→ **What this task involves**:
Nothing but the pictures is dropped; write out all the remaining data below exactly.

→ **Dataset excerpts**:
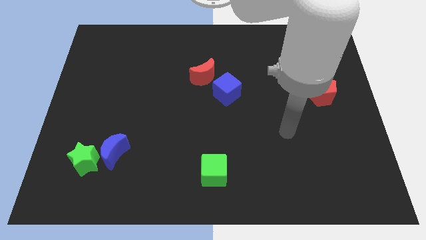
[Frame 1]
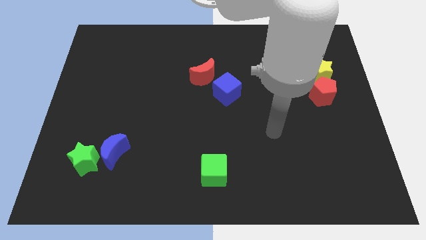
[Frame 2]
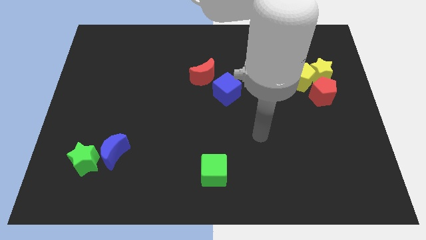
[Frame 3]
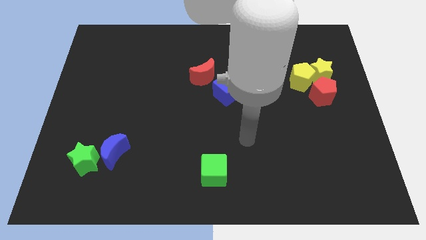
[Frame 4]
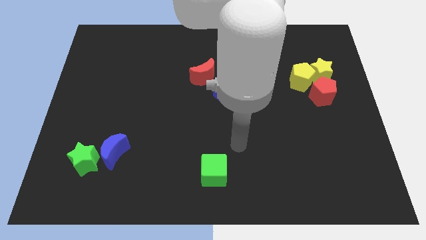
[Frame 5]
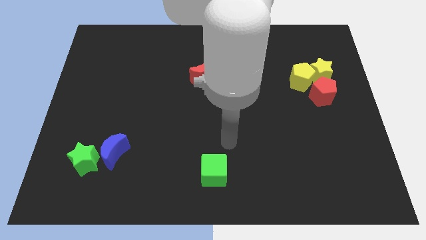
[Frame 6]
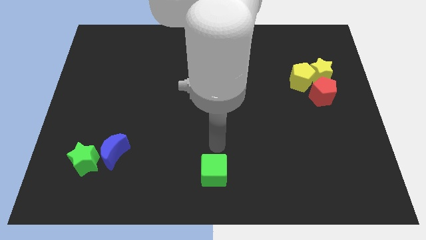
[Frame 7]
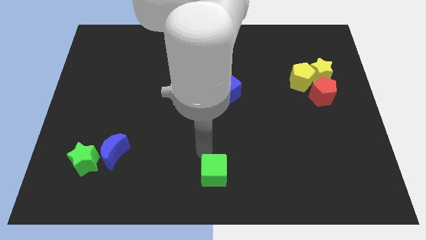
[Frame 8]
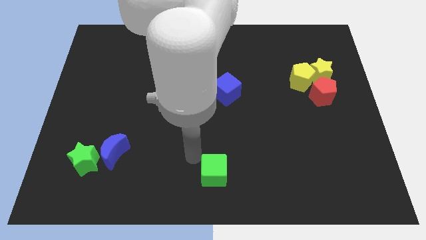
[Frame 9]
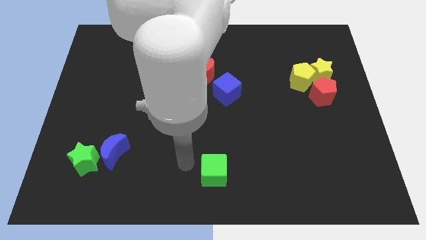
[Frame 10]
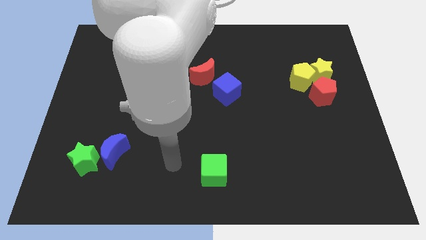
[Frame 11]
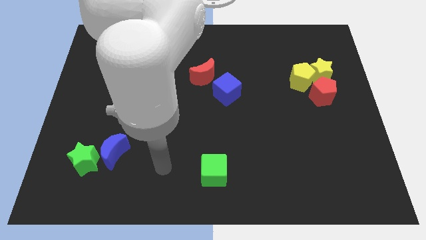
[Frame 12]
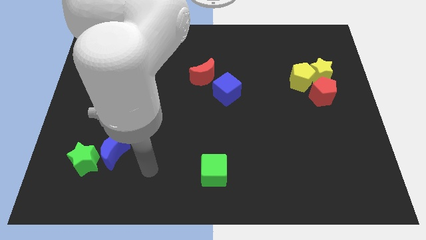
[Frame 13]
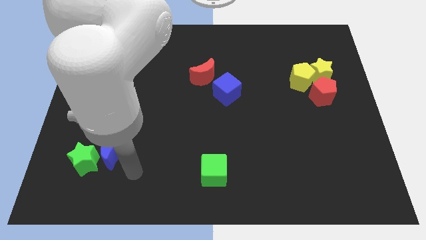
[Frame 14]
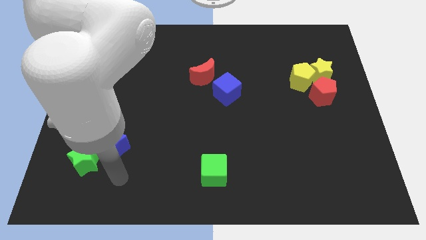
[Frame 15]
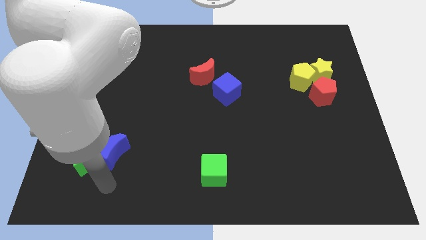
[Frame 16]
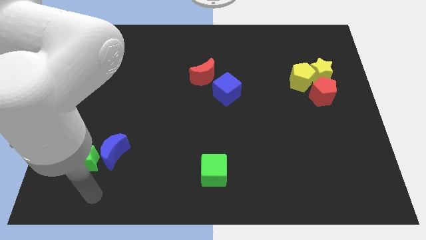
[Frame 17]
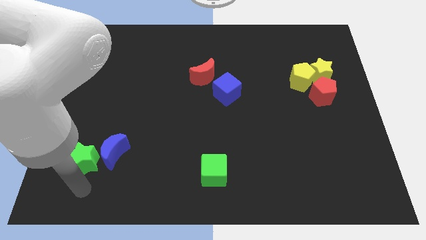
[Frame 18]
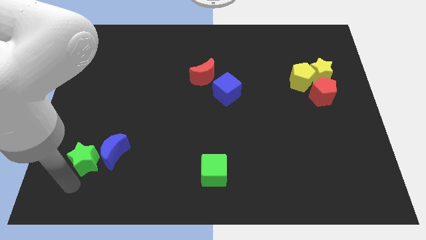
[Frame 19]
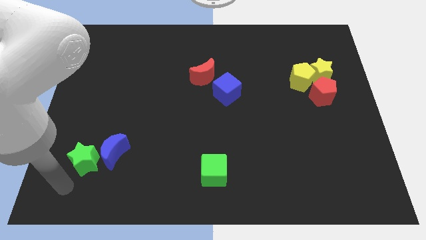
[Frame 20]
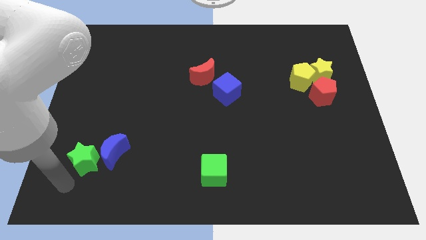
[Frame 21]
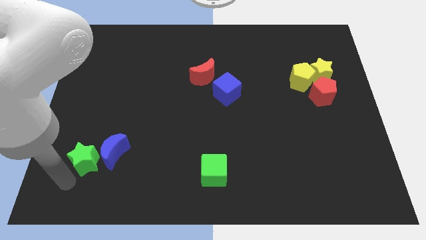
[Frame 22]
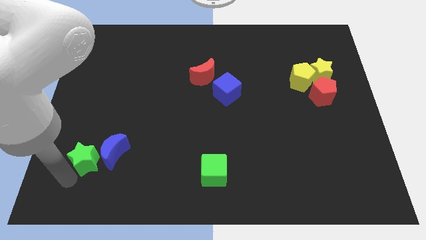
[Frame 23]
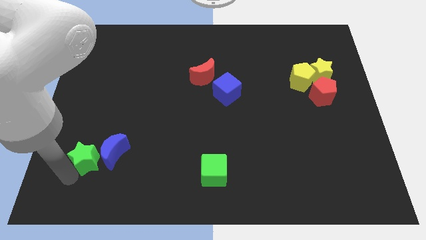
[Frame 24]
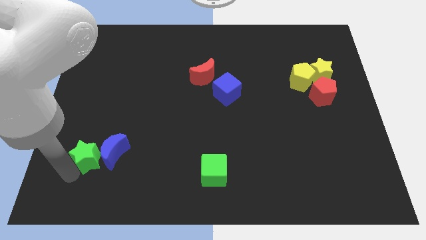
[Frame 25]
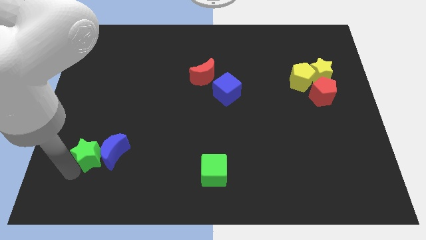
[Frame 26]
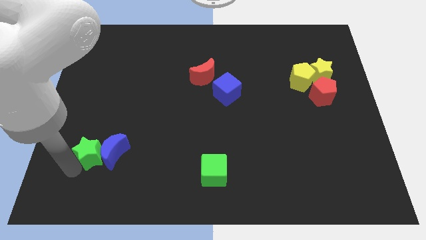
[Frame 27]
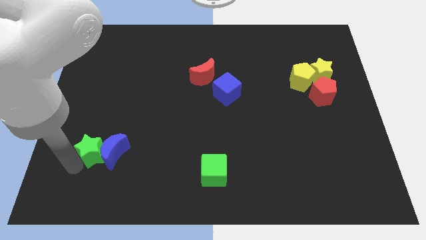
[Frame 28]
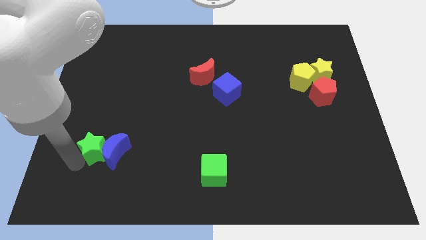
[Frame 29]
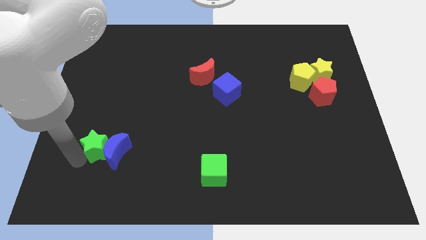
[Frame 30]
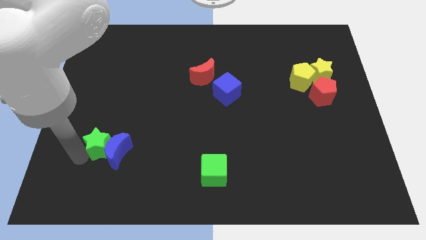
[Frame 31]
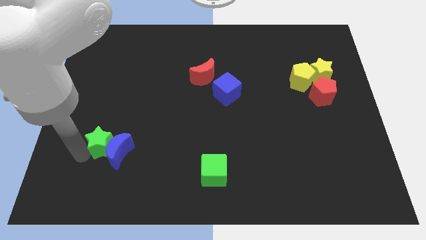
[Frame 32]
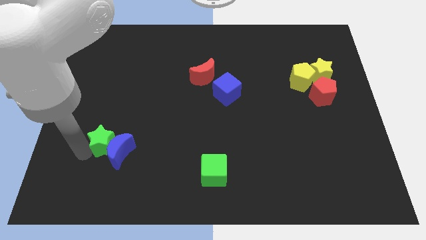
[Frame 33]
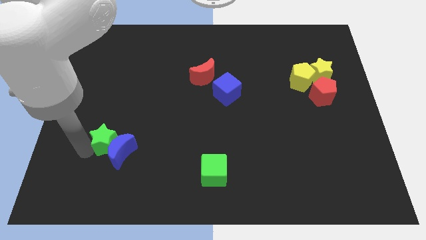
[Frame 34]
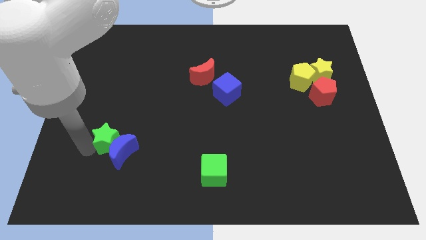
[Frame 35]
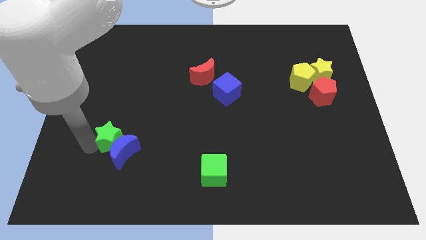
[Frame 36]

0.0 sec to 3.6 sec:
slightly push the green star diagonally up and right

→ **Written response**:
[Frame 1]
[Frame 2]
[Frame 3]
[Frame 4]
[Frame 5]
[Frame 6]
[Frame 7]
[Frame 8]
[Frame 9]
[Frame 10]
[Frame 11]
[Frame 12]
[Frame 13]
[Frame 14]
[Frame 15]
[Frame 16]
[Frame 17]
[Frame 18]
[Frame 19]
[Frame 20]
[Frame 21]
[Frame 22]
[Frame 23]
[Frame 24]
[Frame 25]
[Frame 26]
[Frame 27]
[Frame 28]
[Frame 29]
[Frame 30]
[Frame 31]
[Frame 32]
[Frame 33]
[Frame 34]
[Frame 35]
[Frame 36]

0.0 sec to 3.6 sec:
slightly push the green star diagonally up and right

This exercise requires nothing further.